**The problem**
In the entries below, find the line containing "28.545 35.949 28.545H39.9C40.845" and the line containing "26.835V11.35C37.751 10.405 38.517". Copy those two lines and everything between them exactly, and only that.

++++ Given records ++++

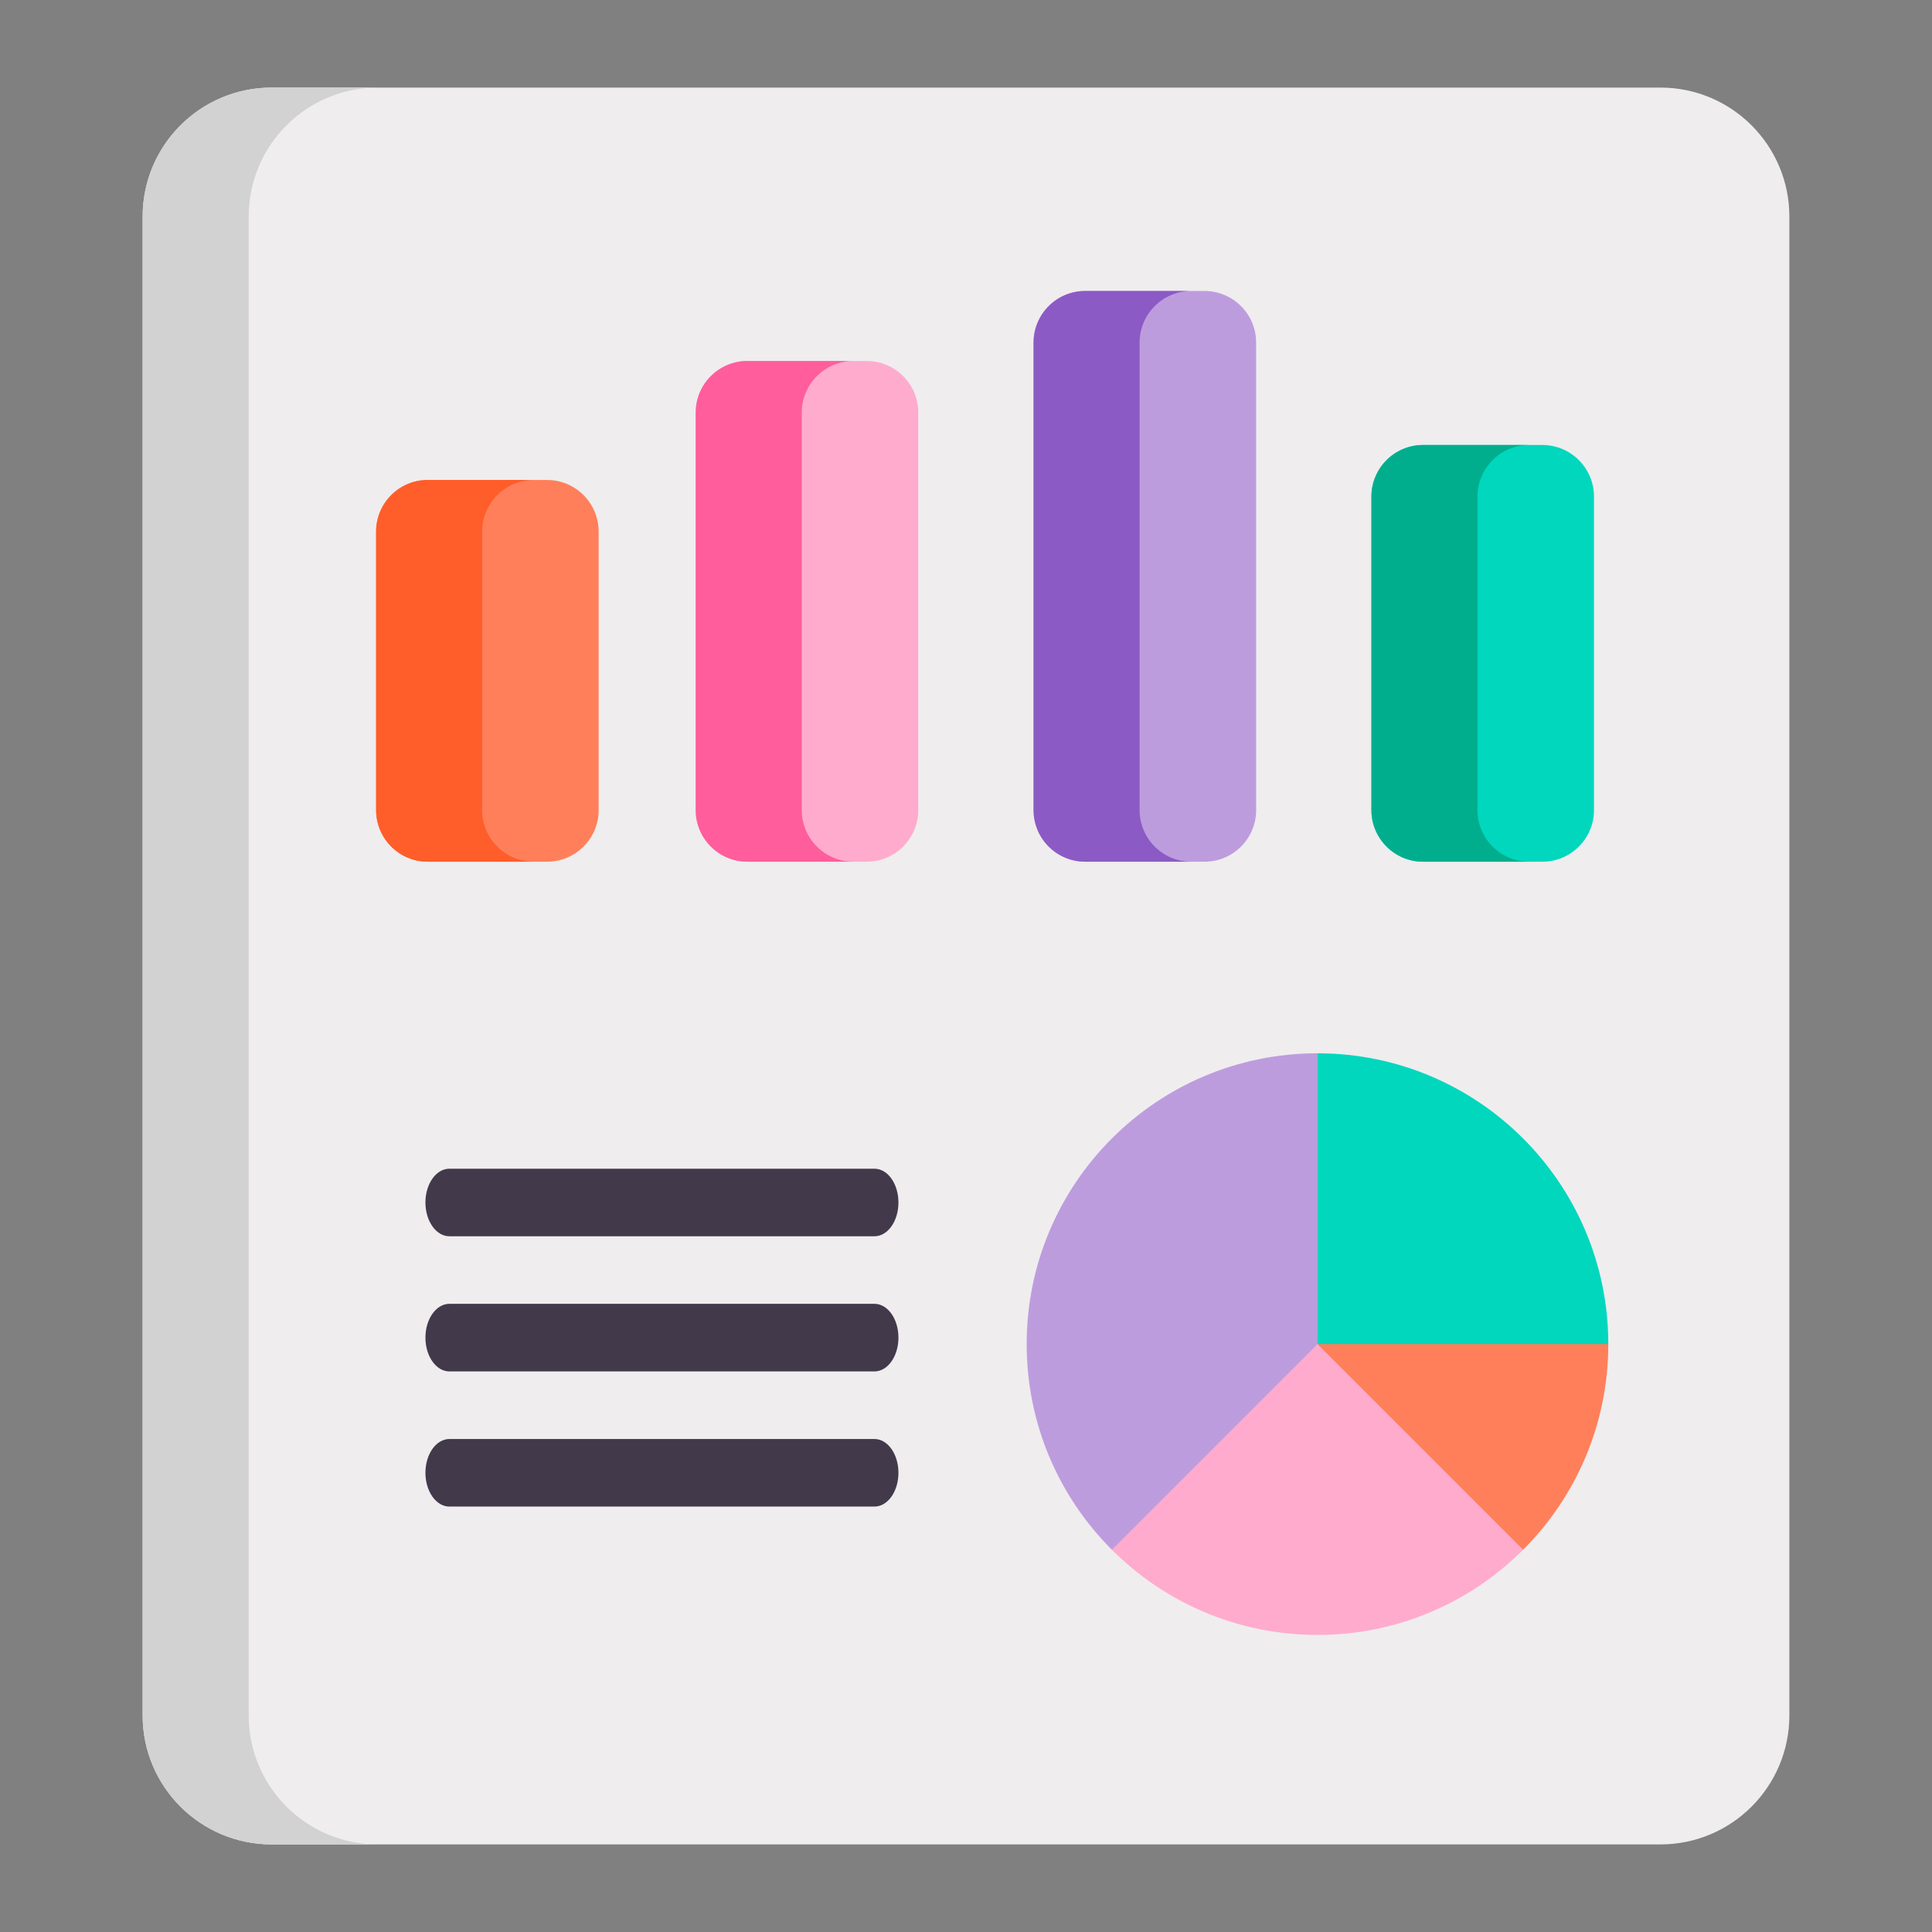 <svg width="64" height="64" viewBox="0 0 64 64" fill="none" xmlns="http://www.w3.org/2000/svg">
<rect x="0" y="0" width="64" height="64" fill="#808080" stroke="none"/>
<path d="M55.001 2.901H8.999C6.638 2.901 4.725 4.814 4.725 7.175V56.825C4.725 59.185 6.639 61.099 8.999 61.099H55.001C57.362 61.099 59.275 59.185 59.275 56.825V7.175C59.275 4.814 57.362 2.901 55.001 2.901V2.901Z" fill="#EFEDEE"/>
<path d="M8.238 56.825V7.175C8.238 4.814 10.151 2.901 12.512 2.901H8.999C6.638 2.901 4.725 4.814 4.725 7.175V56.825C4.725 59.185 6.639 61.099 8.999 61.099H12.512C10.151 61.099 8.238 59.185 8.238 56.825Z" fill="#D2D2D2"/>
<path d="M18.121 15.9H14.169C13.224 15.9 12.459 16.666 12.459 17.611V26.834C12.459 27.779 13.224 28.545 14.169 28.545H18.121C19.065 28.545 19.831 27.779 19.831 26.834V17.611C19.831 16.666 19.065 15.9 18.121 15.9Z" fill="#FF7F5A"/>
<path d="M15.971 26.834V17.611C15.971 16.666 16.737 15.9 17.682 15.9H14.169C13.224 15.9 12.459 16.666 12.459 17.611V26.834C12.459 27.779 13.224 28.545 14.169 28.545H17.682C16.737 28.545 15.971 27.779 15.971 26.834Z" fill="#FF5D29"/>
<path d="M28.709 11.958H24.757C23.812 11.958 23.046 12.724 23.046 13.669V26.834C23.046 27.779 23.812 28.545 24.757 28.545H28.709C29.653 28.545 30.419 27.779 30.419 26.834V13.669C30.419 12.724 29.653 11.958 28.709 11.958Z" fill="#FFABCD"/>
<path d="M26.559 26.834V13.669C26.559 12.724 27.325 11.958 28.27 11.958H24.757C23.812 11.958 23.046 12.724 23.046 13.669V26.834C23.046 27.779 23.812 28.545 24.757 28.545H28.27C27.325 28.545 26.559 27.779 26.559 26.834Z" fill="#FF5D9C"/>
<path d="M39.9 9.639H35.949C35.004 9.639 34.238 10.405 34.238 11.35V26.835C34.238 27.779 35.004 28.545 35.949 28.545H39.9C40.845 28.545 41.611 27.779 41.611 26.835V11.35C41.611 10.405 40.845 9.639 39.9 9.639Z" fill="#BD9CDE"/>
<path d="M37.751 26.835V11.35C37.751 10.405 38.517 9.639 39.462 9.639H35.949C35.004 9.639 34.238 10.405 34.238 11.35V26.835C34.238 27.779 35.004 28.545 35.949 28.545H39.462C38.517 28.545 37.751 27.779 37.751 26.835Z" fill="#8C5AC5"/>
<path d="M51.092 14.741H47.141C46.196 14.741 45.43 15.507 45.43 16.452V26.835C45.43 27.779 46.196 28.545 47.141 28.545H51.092C52.037 28.545 52.803 27.779 52.803 26.835V16.452C52.803 15.507 52.037 14.741 51.092 14.741Z" fill="#00D7BD"/>
<path d="M48.943 26.835V16.452C48.943 15.507 49.709 14.741 50.654 14.741H47.141C46.196 14.741 45.43 15.507 45.43 16.452V26.835C45.43 27.779 46.196 28.545 47.141 28.545H50.654C49.709 28.545 48.943 27.779 48.943 26.835Z" fill="#00AE8E"/>
<path d="M43.643 34.892L44.888 39.708L43.643 44.525L41.624 48.754L36.833 51.336L36.832 51.337C35.088 49.594 34.01 47.186 34.01 44.525C34.01 39.206 38.322 34.892 43.643 34.892Z" fill="#BD9CDE"/>
<path d="M50.454 51.338V51.336L45.904 49.342L43.644 44.525L48.761 42.799L53.277 44.525C53.277 47.187 52.199 49.596 50.454 51.338Z" fill="#FF7F5A"/>
<path d="M53.277 44.525H43.644V34.892C48.965 34.892 53.277 39.206 53.277 44.525Z" fill="#00D7BD"/>
<path d="M50.454 51.336V51.338C48.712 53.081 46.303 54.159 43.644 54.159C40.983 54.159 38.575 53.081 36.832 51.337L36.833 51.336L43.644 44.525L50.454 51.336Z" fill="#FFABCD"/>
<path d="M28.968 40.953H14.887C14.448 40.953 14.093 40.452 14.093 39.834C14.093 39.216 14.448 38.715 14.887 38.715H28.968C29.407 38.715 29.762 39.216 29.762 39.834C29.762 40.452 29.407 40.953 28.968 40.953Z" fill="#42394B"/>
<path d="M28.968 45.43H14.887C14.448 45.43 14.093 44.929 14.093 44.311C14.093 43.693 14.448 43.191 14.887 43.191H28.968C29.407 43.191 29.762 43.693 29.762 44.311C29.762 44.929 29.407 45.43 28.968 45.43Z" fill="#42394B"/>
<path d="M28.968 49.907H14.887C14.448 49.907 14.093 49.406 14.093 48.788C14.093 48.17 14.448 47.669 14.887 47.669H28.968C29.407 47.669 29.762 48.17 29.762 48.788C29.762 49.406 29.407 49.907 28.968 49.907Z" fill="#42394B"/>
</svg>

++++

**Result for this exercise**
<path d="M39.9 9.639H35.949C35.004 9.639 34.238 10.405 34.238 11.35V26.835C34.238 27.779 35.004 28.545 35.949 28.545H39.9C40.845 28.545 41.611 27.779 41.611 26.835V11.35C41.611 10.405 40.845 9.639 39.9 9.639Z" fill="#BD9CDE"/>
<path d="M37.751 26.835V11.35C37.751 10.405 38.517 9.639 39.462 9.639H35.949C35.004 9.639 34.238 10.405 34.238 11.35V26.835C34.238 27.779 35.004 28.545 35.949 28.545H39.462C38.517 28.545 37.751 27.779 37.751 26.835Z" fill="#8C5AC5"/>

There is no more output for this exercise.